## WORK INSTRUCTION
Output exactly the lines that come between the start of the material and the line containing "239.327V142.746H277.637V148.992C278.18 147.966 278.874", both ends included, with the pictures omitted.

*** Opening of INFORMATION ***

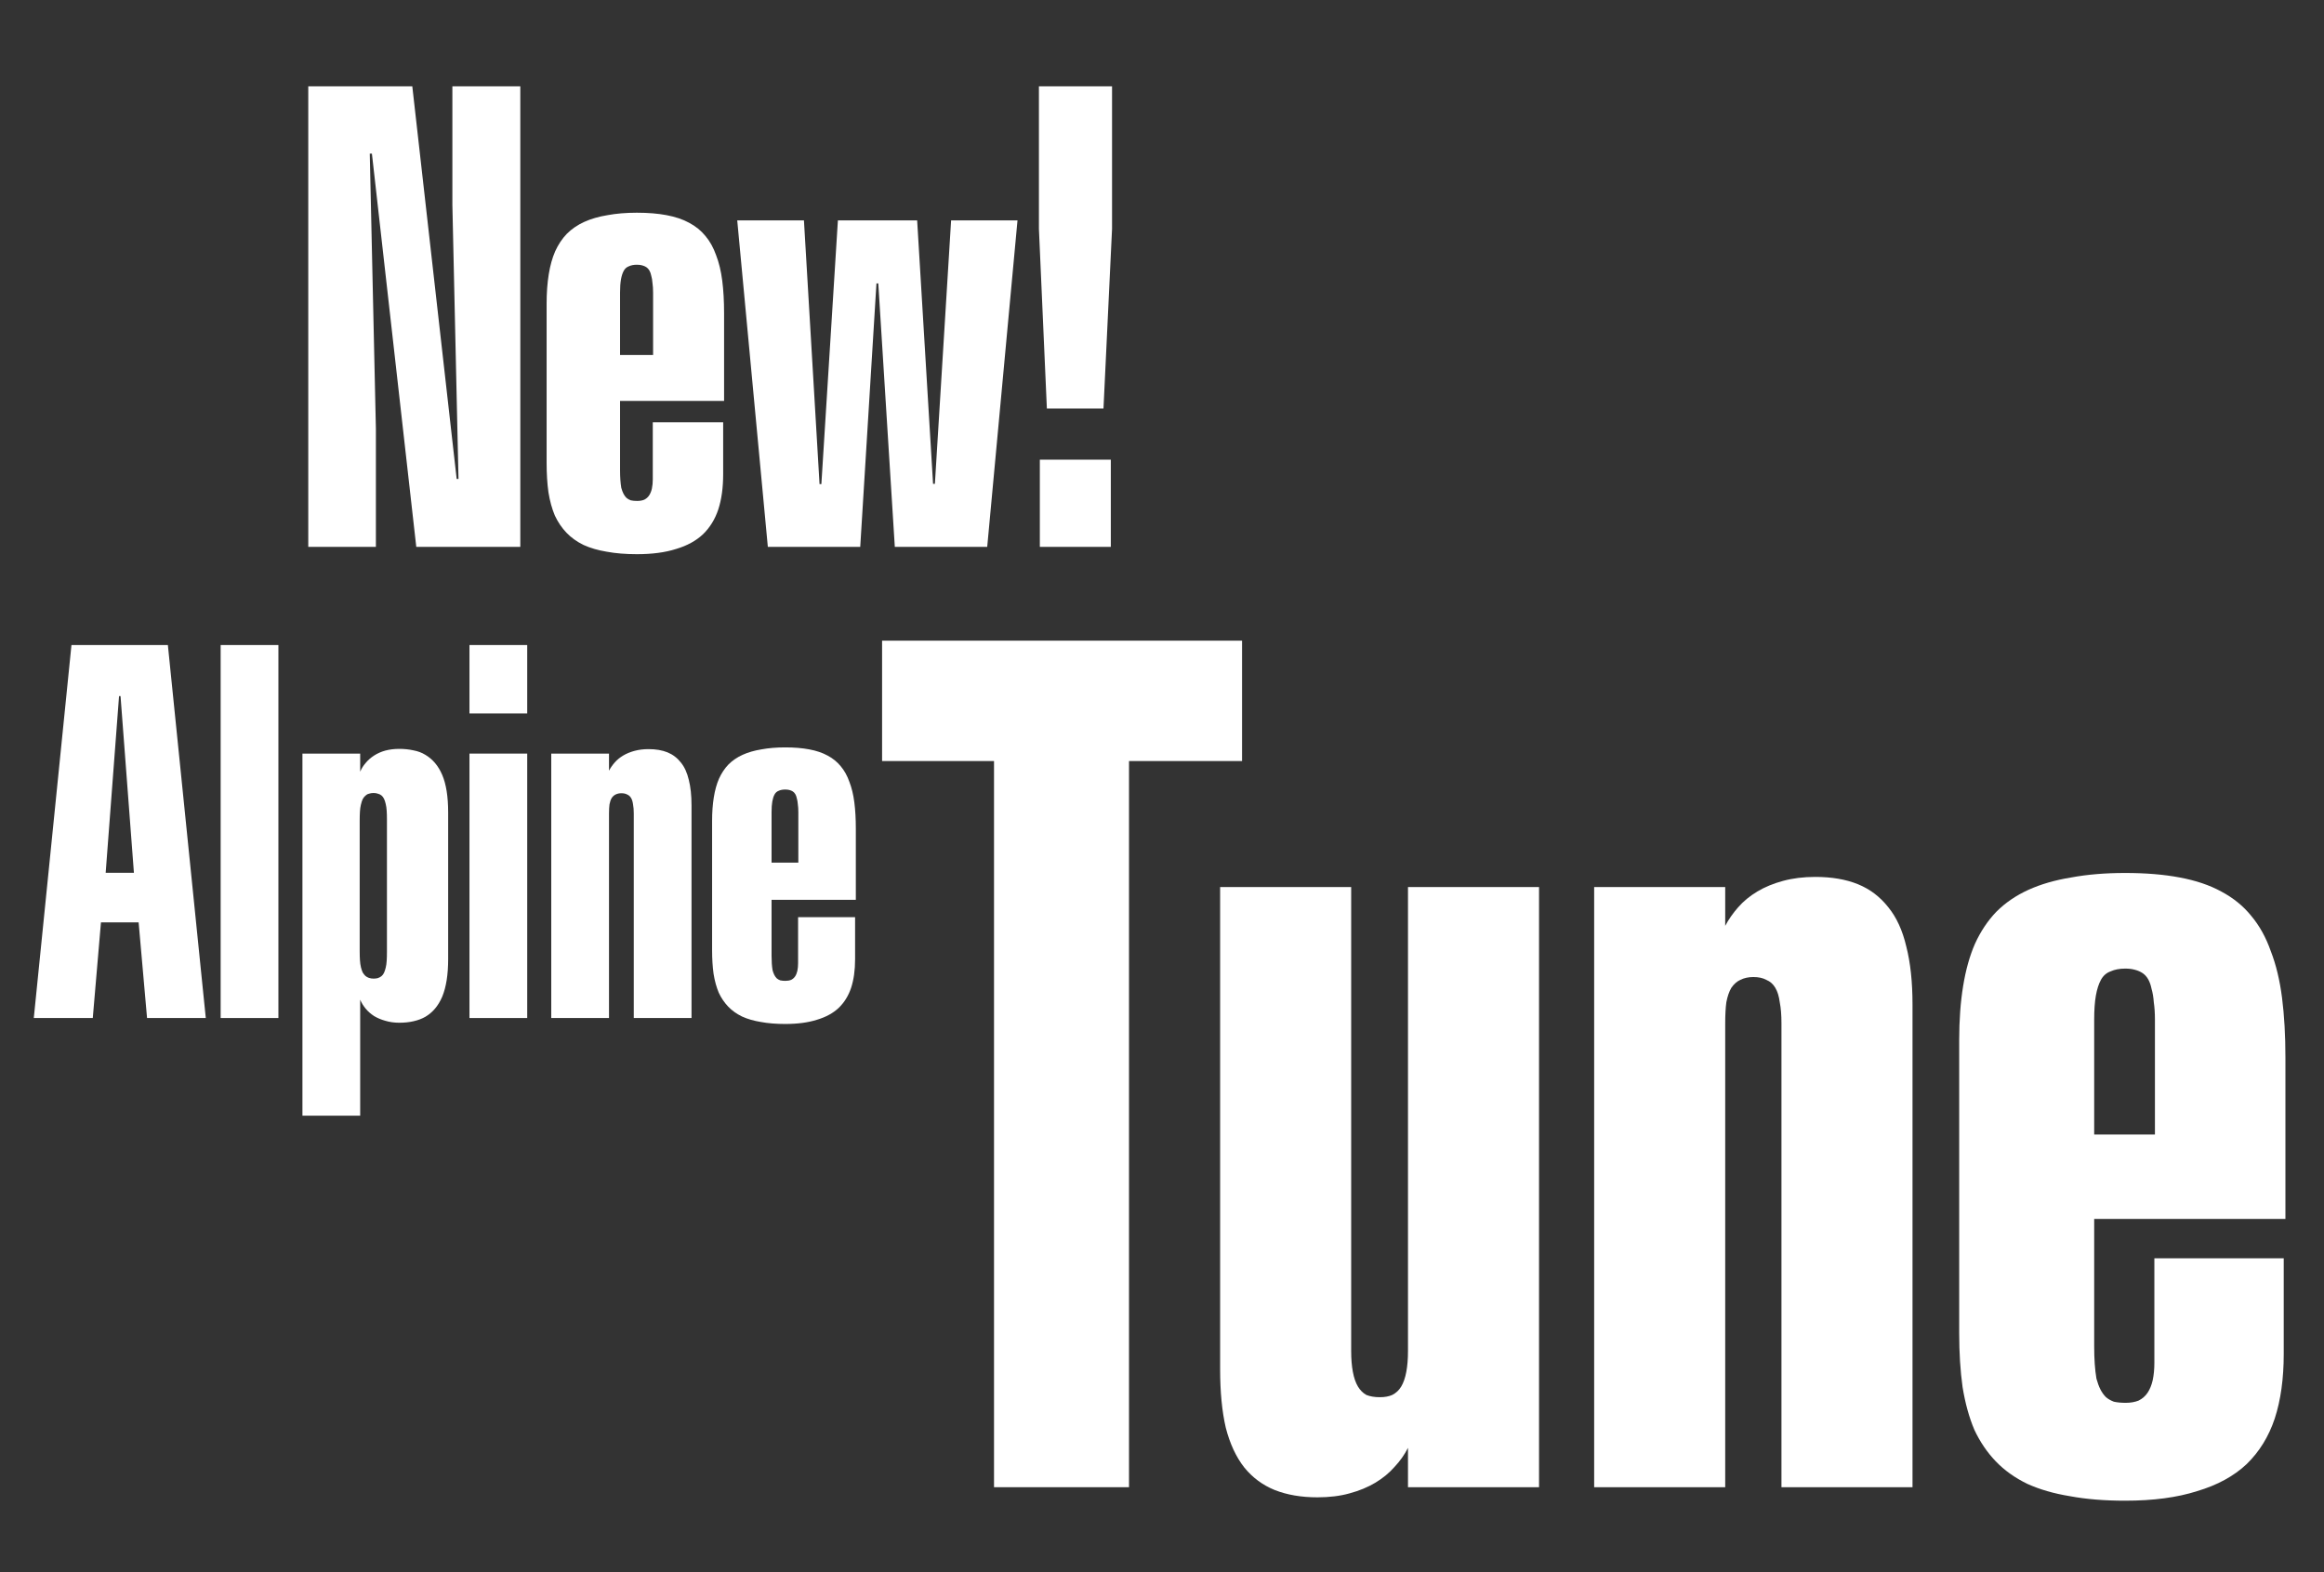 <svg width="374" height="253" viewBox="0 0 374 253" fill="none" xmlns="http://www.w3.org/2000/svg">
<rect x="0" y="0" width="374" height="253" fill="#333333" stroke="none"/>
<path d="M159.967 239.327V122.471H141.954V103.1H199.884V122.471H181.691V239.327H159.967Z" fill="white"></path>
<path d="M212.013 240.956C209.419 240.956 207.126 240.564 205.134 239.779C203.203 238.995 201.574 237.788 200.246 236.159C198.919 234.469 197.923 232.327 197.259 229.732C196.656 227.137 196.354 223.999 196.354 220.318V142.746H217.444V217.422C217.444 218.689 217.535 219.805 217.716 220.771C217.897 221.736 218.168 222.521 218.531 223.124C218.893 223.728 219.345 224.18 219.888 224.482C220.492 224.723 221.216 224.844 222.061 224.844C222.845 224.844 223.509 224.723 224.052 224.482C224.655 224.18 225.138 223.728 225.5 223.124C225.862 222.521 226.134 221.736 226.315 220.771C226.496 219.805 226.586 218.689 226.586 217.422V142.746H247.677V239.327H226.586V232.991C226.043 234.077 225.319 235.103 224.414 236.068C223.569 237.034 222.543 237.878 221.337 238.603C220.13 239.327 218.742 239.9 217.173 240.322C215.664 240.745 213.944 240.956 212.013 240.956Z" fill="white"></path>
<path d="M256.547 239.327V142.746H277.637V148.992C278.18 147.966 278.874 146.97 279.719 146.005C280.564 145.039 281.59 144.195 282.797 143.47C284.004 142.746 285.392 142.173 286.961 141.751C288.529 141.328 290.249 141.117 292.12 141.117C294.775 141.117 297.068 141.509 298.999 142.294C300.93 143.078 302.559 144.315 303.887 146.005C305.215 147.634 306.18 149.746 306.784 152.341C307.447 154.936 307.779 158.043 307.779 161.664V239.327H286.689V164.651C286.689 163.324 286.598 162.207 286.417 161.302C286.297 160.337 286.055 159.552 285.693 158.949C285.331 158.345 284.848 157.923 284.245 157.681C283.702 157.38 283.008 157.229 282.163 157.229C281.379 157.229 280.685 157.38 280.081 157.681C279.538 157.923 279.055 158.345 278.633 158.949C278.271 159.552 277.999 160.337 277.818 161.302C277.698 162.207 277.637 163.324 277.637 164.651V239.327H256.547Z" fill="white"></path>
<path d="M341.994 241.499C338.675 241.499 335.718 241.258 333.124 240.775C330.529 240.353 328.236 239.689 326.244 238.784C324.253 237.818 322.563 236.611 321.176 235.163C319.788 233.715 318.641 232.025 317.736 230.094C316.891 228.103 316.258 225.81 315.835 223.215C315.473 220.62 315.292 217.724 315.292 214.525V167.367C315.292 164.168 315.503 161.272 315.926 158.677C316.348 156.082 316.982 153.819 317.826 151.888C318.732 149.897 319.878 148.177 321.266 146.729C322.714 145.281 324.434 144.104 326.425 143.199C328.417 142.294 330.71 141.63 333.305 141.208C335.899 140.725 338.796 140.483 341.994 140.483C345.313 140.483 348.24 140.725 350.774 141.208C353.369 141.69 355.602 142.445 357.472 143.47C359.403 144.496 361.003 145.794 362.27 147.363C363.597 148.932 364.653 150.832 365.438 153.065C366.283 155.237 366.886 157.742 367.248 160.578C367.61 163.414 367.791 166.612 367.791 170.173V196.151H337.016V216.607C337.016 217.693 337.046 218.659 337.106 219.504C337.167 220.349 337.257 221.133 337.378 221.857C337.559 222.521 337.77 223.094 338.011 223.577C338.253 224.06 338.555 224.482 338.917 224.844C339.279 225.146 339.701 225.387 340.184 225.568C340.727 225.689 341.361 225.749 342.085 225.749C342.869 225.749 343.563 225.629 344.167 225.387C344.77 225.086 345.253 224.663 345.615 224.12C345.977 223.577 346.248 222.913 346.429 222.129C346.611 221.284 346.701 220.349 346.701 219.323V202.487H367.52V217.874C367.52 221.857 367.037 225.327 366.071 228.284C365.106 231.18 363.597 233.624 361.546 235.616C359.494 237.547 356.839 238.995 353.58 239.96C350.382 240.986 346.52 241.499 341.994 241.499ZM341.994 155.871C341.089 155.871 340.305 156.022 339.641 156.324C338.977 156.565 338.464 157.018 338.102 157.681C337.74 158.345 337.468 159.19 337.287 160.216C337.106 161.242 337.016 162.539 337.016 164.108V182.573H346.792V164.108C346.792 163.022 346.731 162.087 346.611 161.302C346.55 160.457 346.429 159.733 346.248 159.13C346.128 158.526 345.947 158.013 345.705 157.591C345.464 157.168 345.162 156.837 344.8 156.595C344.438 156.354 344.016 156.173 343.533 156.052C343.111 155.931 342.598 155.871 341.994 155.871Z" fill="white"></path>
<path d="M5.439 163.825L11.501 103.802H27.015L33.117 163.825H23.665L22.309 148.43H16.247L14.931 163.825H5.439ZM17.005 140.454H21.551L19.398 112.018H19.158L17.005 140.454Z" fill="white"></path>
<path d="M35.51 163.825V103.802H44.803V163.825H35.51Z" fill="white"></path>
<path d="M64.265 164.583C63.441 164.583 62.683 164.476 61.992 164.264C61.327 164.078 60.729 163.825 60.197 163.506C59.665 163.16 59.213 162.762 58.841 162.31C58.469 161.858 58.176 161.379 57.964 160.874V179.539H48.671V121.271H57.964V124.182C58.176 123.677 58.469 123.212 58.841 122.786C59.213 122.334 59.665 121.935 60.197 121.59C60.729 121.244 61.327 120.978 61.992 120.792C62.683 120.606 63.441 120.513 64.265 120.513C65.063 120.513 65.821 120.593 66.538 120.752C67.256 120.885 67.894 121.124 68.453 121.47C69.038 121.816 69.556 122.254 70.008 122.786C70.46 123.318 70.846 123.956 71.165 124.7C71.484 125.445 71.723 126.322 71.883 127.333C72.042 128.343 72.122 129.486 72.122 130.763V154.333C72.122 155.583 72.042 156.713 71.883 157.723C71.723 158.733 71.484 159.624 71.165 160.395C70.846 161.14 70.46 161.778 70.008 162.31C69.556 162.841 69.038 163.28 68.453 163.626C67.894 163.945 67.256 164.184 66.538 164.344C65.847 164.503 65.089 164.583 64.265 164.583ZM60.117 157.484C60.357 157.484 60.583 157.457 60.795 157.404C61.035 157.324 61.234 157.218 61.394 157.085C61.553 156.952 61.686 156.779 61.792 156.566C61.899 156.327 61.992 156.048 62.072 155.729C62.151 155.41 62.205 155.038 62.231 154.612C62.258 154.187 62.271 153.708 62.271 153.176V131.919C62.271 131.361 62.258 130.882 62.231 130.483C62.205 130.058 62.151 129.686 62.072 129.367C61.992 129.021 61.899 128.742 61.792 128.529C61.686 128.316 61.553 128.144 61.394 128.011C61.234 127.878 61.048 127.785 60.835 127.732C60.623 127.652 60.383 127.612 60.117 127.612C59.852 127.612 59.599 127.652 59.36 127.732C59.147 127.785 58.961 127.891 58.801 128.051C58.642 128.184 58.495 128.37 58.363 128.609C58.256 128.848 58.163 129.141 58.083 129.486C58.004 129.805 57.95 130.178 57.924 130.603C57.897 131.028 57.884 131.52 57.884 132.079V153.017C57.884 153.575 57.897 154.067 57.924 154.493C57.95 154.918 58.004 155.304 58.083 155.649C58.163 155.968 58.256 156.247 58.363 156.487C58.495 156.699 58.642 156.886 58.801 157.045C58.961 157.178 59.147 157.284 59.36 157.364C59.599 157.444 59.852 157.484 60.117 157.484Z" fill="white"></path>
<path d="M75.552 163.825V121.271H84.844V163.825H75.552ZM75.552 114.81V103.802H84.844V114.81H75.552Z" fill="white"></path>
<path d="M88.713 163.825V121.271H98.006V124.023C98.245 123.571 98.551 123.132 98.923 122.706C99.295 122.281 99.747 121.909 100.279 121.59C100.811 121.271 101.422 121.018 102.114 120.832C102.805 120.646 103.563 120.553 104.387 120.553C105.557 120.553 106.567 120.726 107.418 121.071C108.269 121.417 108.987 121.962 109.572 122.706C110.156 123.424 110.582 124.355 110.848 125.498C111.14 126.641 111.286 128.011 111.286 129.606V163.825H101.994V130.922C101.994 130.337 101.954 129.845 101.874 129.446C101.821 129.021 101.715 128.675 101.555 128.41C101.396 128.144 101.183 127.958 100.917 127.851C100.678 127.718 100.372 127.652 100 127.652C99.654 127.652 99.348 127.718 99.082 127.851C98.843 127.958 98.63 128.144 98.444 128.41C98.285 128.675 98.165 129.021 98.085 129.446C98.032 129.845 98.006 130.337 98.006 130.922V163.825H88.713Z" fill="white"></path>
<path d="M126.362 164.782C124.9 164.782 123.597 164.676 122.454 164.463C121.31 164.277 120.3 163.985 119.422 163.586C118.545 163.16 117.801 162.629 117.189 161.99C116.578 161.352 116.072 160.608 115.674 159.757C115.301 158.88 115.022 157.869 114.836 156.726C114.676 155.583 114.597 154.306 114.597 152.897V132.119C114.597 130.709 114.69 129.433 114.876 128.29C115.062 127.147 115.341 126.15 115.713 125.299C116.112 124.421 116.617 123.664 117.229 123.025C117.867 122.387 118.625 121.869 119.502 121.47C120.38 121.071 121.39 120.779 122.533 120.593C123.677 120.38 124.953 120.274 126.362 120.274C127.824 120.274 129.114 120.38 130.231 120.593C131.374 120.805 132.358 121.138 133.182 121.59C134.033 122.042 134.737 122.613 135.296 123.305C135.881 123.996 136.346 124.833 136.691 125.817C137.064 126.774 137.33 127.878 137.489 129.127C137.649 130.377 137.728 131.786 137.728 133.355V144.801H124.168V153.815C124.168 154.293 124.182 154.719 124.208 155.091C124.235 155.463 124.275 155.809 124.328 156.128C124.408 156.42 124.501 156.673 124.607 156.886C124.714 157.098 124.846 157.284 125.006 157.444C125.166 157.577 125.352 157.683 125.564 157.763C125.804 157.816 126.083 157.843 126.402 157.843C126.748 157.843 127.053 157.79 127.319 157.683C127.585 157.55 127.798 157.364 127.957 157.125C128.117 156.886 128.236 156.593 128.316 156.247C128.396 155.875 128.436 155.463 128.436 155.011V147.593H137.609V154.373C137.609 156.128 137.396 157.657 136.971 158.959C136.545 160.236 135.881 161.312 134.977 162.19C134.073 163.041 132.903 163.679 131.467 164.104C130.058 164.556 128.356 164.782 126.362 164.782ZM126.362 127.054C125.963 127.054 125.618 127.12 125.325 127.253C125.033 127.359 124.807 127.559 124.647 127.851C124.488 128.144 124.368 128.516 124.288 128.968C124.208 129.42 124.168 129.992 124.168 130.683V138.819H128.476V130.683C128.476 130.204 128.449 129.792 128.396 129.446C128.369 129.074 128.316 128.755 128.236 128.489C128.183 128.223 128.103 127.997 127.997 127.811C127.891 127.625 127.758 127.479 127.598 127.373C127.439 127.266 127.253 127.186 127.04 127.133C126.854 127.08 126.628 127.054 126.362 127.054Z" fill="white"></path>
<path d="M49.61 88V13.895H66.351L73.491 77.069H73.786L72.801 32.951V13.895H83.733V88H66.991L59.852 24.728H59.507L60.492 68.994V88H49.61Z" fill="white"></path>
<path d="M102.493 89.182C100.687 89.182 99.079 89.05 97.667 88.788C96.256 88.558 95.008 88.197 93.925 87.705C92.842 87.179 91.923 86.523 91.168 85.735C90.413 84.947 89.789 84.028 89.296 82.978C88.837 81.894 88.492 80.647 88.263 79.235C88.066 77.824 87.967 76.248 87.967 74.508V48.855C87.967 47.115 88.082 45.539 88.312 44.128C88.541 42.716 88.886 41.485 89.346 40.435C89.838 39.352 90.462 38.416 91.217 37.628C92.005 36.84 92.94 36.2 94.023 35.708C95.107 35.216 96.354 34.855 97.766 34.625C99.177 34.362 100.753 34.231 102.493 34.231C104.298 34.231 105.89 34.362 107.269 34.625C108.68 34.887 109.895 35.298 110.913 35.856C111.963 36.414 112.833 37.12 113.522 37.973C114.244 38.826 114.819 39.861 115.246 41.075C115.705 42.257 116.033 43.619 116.23 45.162C116.427 46.705 116.526 48.444 116.526 50.381V64.513H99.784V75.641C99.784 76.232 99.801 76.757 99.834 77.217C99.867 77.676 99.916 78.103 99.981 78.497C100.08 78.858 100.195 79.17 100.326 79.432C100.457 79.695 100.622 79.925 100.818 80.122C101.015 80.286 101.245 80.417 101.508 80.516C101.803 80.581 102.148 80.614 102.542 80.614C102.969 80.614 103.346 80.549 103.674 80.417C104.003 80.253 104.265 80.023 104.462 79.728C104.659 79.432 104.807 79.071 104.905 78.645C105.004 78.185 105.053 77.676 105.053 77.118V67.96H116.378V76.33C116.378 78.497 116.115 80.384 115.59 81.993C115.065 83.569 114.244 84.898 113.128 85.981C112.012 87.032 110.568 87.82 108.795 88.345C107.055 88.903 104.955 89.182 102.493 89.182ZM102.493 42.601C102 42.601 101.573 42.684 101.212 42.848C100.851 42.979 100.572 43.225 100.375 43.586C100.178 43.947 100.031 44.407 99.932 44.965C99.834 45.523 99.784 46.229 99.784 47.082V57.127H105.102V47.082C105.102 46.491 105.069 45.983 105.004 45.556C104.971 45.096 104.905 44.702 104.807 44.374C104.741 44.046 104.643 43.767 104.511 43.537C104.38 43.307 104.216 43.127 104.019 42.995C103.822 42.864 103.592 42.766 103.33 42.7C103.1 42.634 102.821 42.601 102.493 42.601Z" fill="white"></path>
<path d="M123.567 88L118.643 35.462H129.377L131.888 77.906H132.184L134.843 35.462H147.596L150.156 77.857H150.452L153.061 35.462H163.746L158.872 88H144.001L141.342 45.605H141.047L138.437 88H123.567Z" fill="white"></path>
<path d="M167.341 88V73.967H178.764V88H167.341ZM168.473 65.744L167.193 36.84V13.895H178.961V36.84L177.582 65.744H168.473Z" fill="white"></path>
</svg>

*** Close of INFORMATION ***

## EXERCISE SOLUTION
 <svg width="374" height="253" viewBox="0 0 374 253" fill="none" xmlns="http://www.w3.org/2000/svg">
<rect x="0" y="0" width="374" height="253" fill="#333333" stroke="none"/>
<path d="M159.967 239.327V122.471H141.954V103.1H199.884V122.471H181.691V239.327H159.967Z" fill="white"></path>
<path d="M212.013 240.956C209.419 240.956 207.126 240.564 205.134 239.779C203.203 238.995 201.574 237.788 200.246 236.159C198.919 234.469 197.923 232.327 197.259 229.732C196.656 227.137 196.354 223.999 196.354 220.318V142.746H217.444V217.422C217.444 218.689 217.535 219.805 217.716 220.771C217.897 221.736 218.168 222.521 218.531 223.124C218.893 223.728 219.345 224.18 219.888 224.482C220.492 224.723 221.216 224.844 222.061 224.844C222.845 224.844 223.509 224.723 224.052 224.482C224.655 224.18 225.138 223.728 225.5 223.124C225.862 222.521 226.134 221.736 226.315 220.771C226.496 219.805 226.586 218.689 226.586 217.422V142.746H247.677V239.327H226.586V232.991C226.043 234.077 225.319 235.103 224.414 236.068C223.569 237.034 222.543 237.878 221.337 238.603C220.13 239.327 218.742 239.9 217.173 240.322C215.664 240.745 213.944 240.956 212.013 240.956Z" fill="white"></path>
<path d="M256.547 239.327V142.746H277.637V148.992C278.18 147.966 278.874 146.97 279.719 146.005C280.564 145.039 281.59 144.195 282.797 143.47C284.004 142.746 285.392 142.173 286.961 141.751C288.529 141.328 290.249 141.117 292.12 141.117C294.775 141.117 297.068 141.509 298.999 142.294C300.93 143.078 302.559 144.315 303.887 146.005C305.215 147.634 306.18 149.746 306.784 152.341C307.447 154.936 307.779 158.043 307.779 161.664V239.327H286.689V164.651C286.689 163.324 286.598 162.207 286.417 161.302C286.297 160.337 286.055 159.552 285.693 158.949C285.331 158.345 284.848 157.923 284.245 157.681C283.702 157.38 283.008 157.229 282.163 157.229C281.379 157.229 280.685 157.38 280.081 157.681C279.538 157.923 279.055 158.345 278.633 158.949C278.271 159.552 277.999 160.337 277.818 161.302C277.698 162.207 277.637 163.324 277.637 164.651V239.327H256.547Z" fill="white"></path>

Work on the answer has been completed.